Bethel made its debut in 2010 with Here Is Love, their first live album, which also featured Jesus Culture artists, was released alongside Integrity Music. They immediately rose to prominence with their second live LP Be Lifted High in 2011, which contained popular worship anthems such as "Love Came Down" and "One Thing Remains", and peaked at No. 7 on Billboard's Christian Albums Chart in the United States. In early 2012, Bethel Music released The Loft Sessions, the collective's third live album, which reached No. 3 on Christian Albums Chart, concurrently making Bethel Music's debut on the all-genre Billboard 200 Chart at No. 44. Later on in the year, For the Sake of the World was released in October. The album was the group's third Top 10 appearance on Billboard's Christian Albums Chart, peaking at No. 2.

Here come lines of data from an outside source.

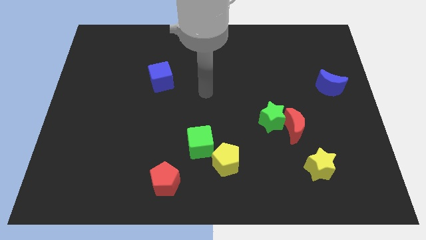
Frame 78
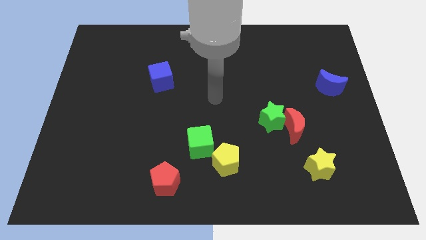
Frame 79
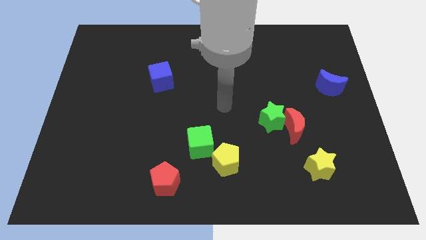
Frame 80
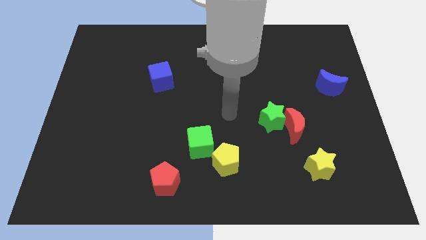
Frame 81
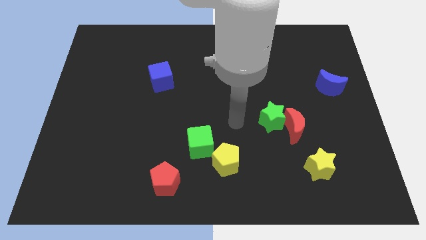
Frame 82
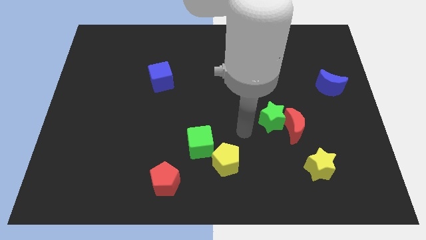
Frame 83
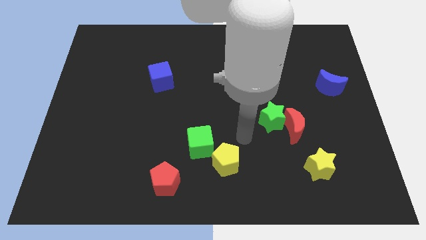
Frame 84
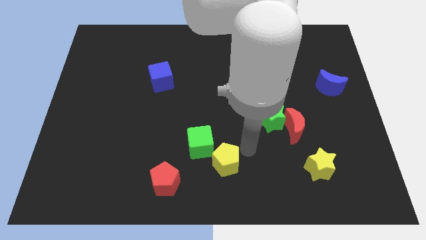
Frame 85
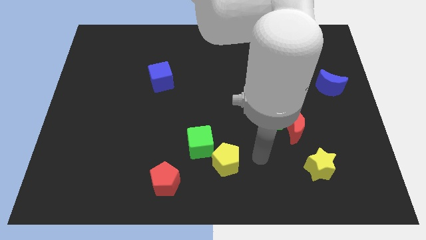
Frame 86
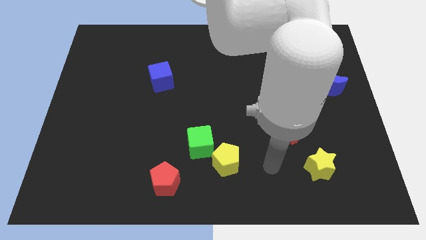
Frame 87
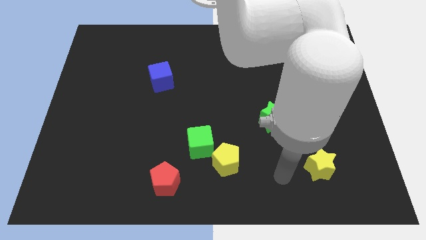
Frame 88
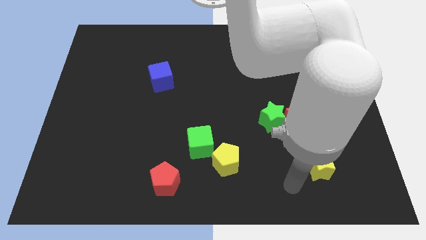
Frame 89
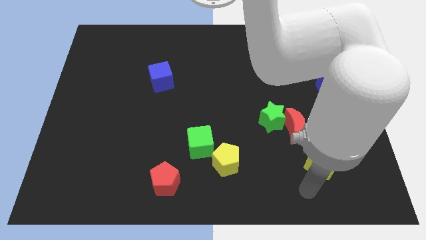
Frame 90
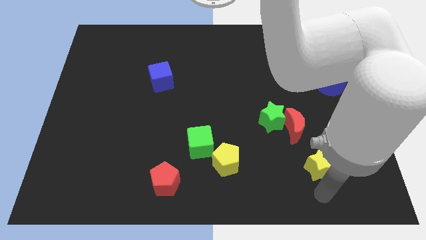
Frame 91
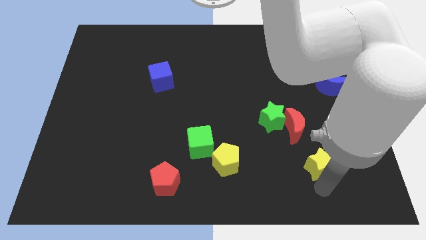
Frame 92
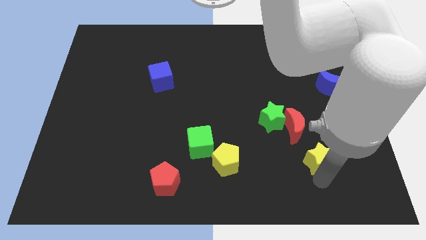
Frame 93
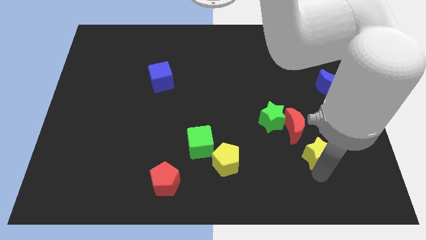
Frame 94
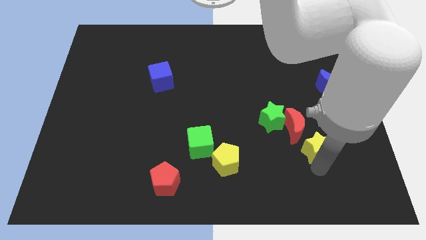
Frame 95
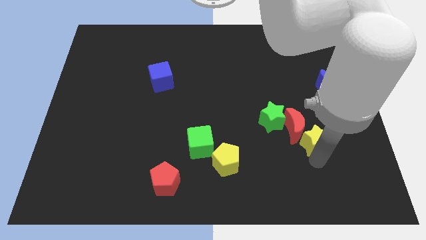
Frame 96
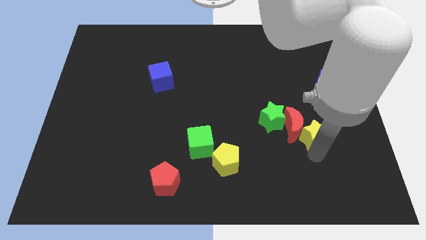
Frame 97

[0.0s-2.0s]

In 2013, Bethel released three albums: Without Words, Tides and Discover Bethel Music. Released in March alongside Integrity Music, Without Words was Bethel's first instrumental remix album. When the Official Charts Company launched the Official Christian & Gospel Albums Chart for the identifying the top twenty bestselling Christian and Gospel releases in the United Kingdom in March 2013, Bethel made its debut on the chart with two releases in the top ten: Without Words at No. 2 and For the Sake of the World at No. 6. The release of Tides, the collective's first studio album, followed in early September, becoming Bethel's first No. 1 on the Christian Albums Chart in the United States, and on the Official Christian & Gospel Albums Chart in the United Kingdom whilst making Bethel's debut on the all-genre Official Albums Chart at No. 79. Tides Live was released in early 2014, repeating the feat of topping the Christian Albums Chart in the US and the UK's Official Christian & Gospel Albums Chart.

In April 2014, You Make Me Brave was released, becoming Bethel's first Top 10 entry on the Billboard 200, being the tenth best-selling album in the United States for the week ending May 10.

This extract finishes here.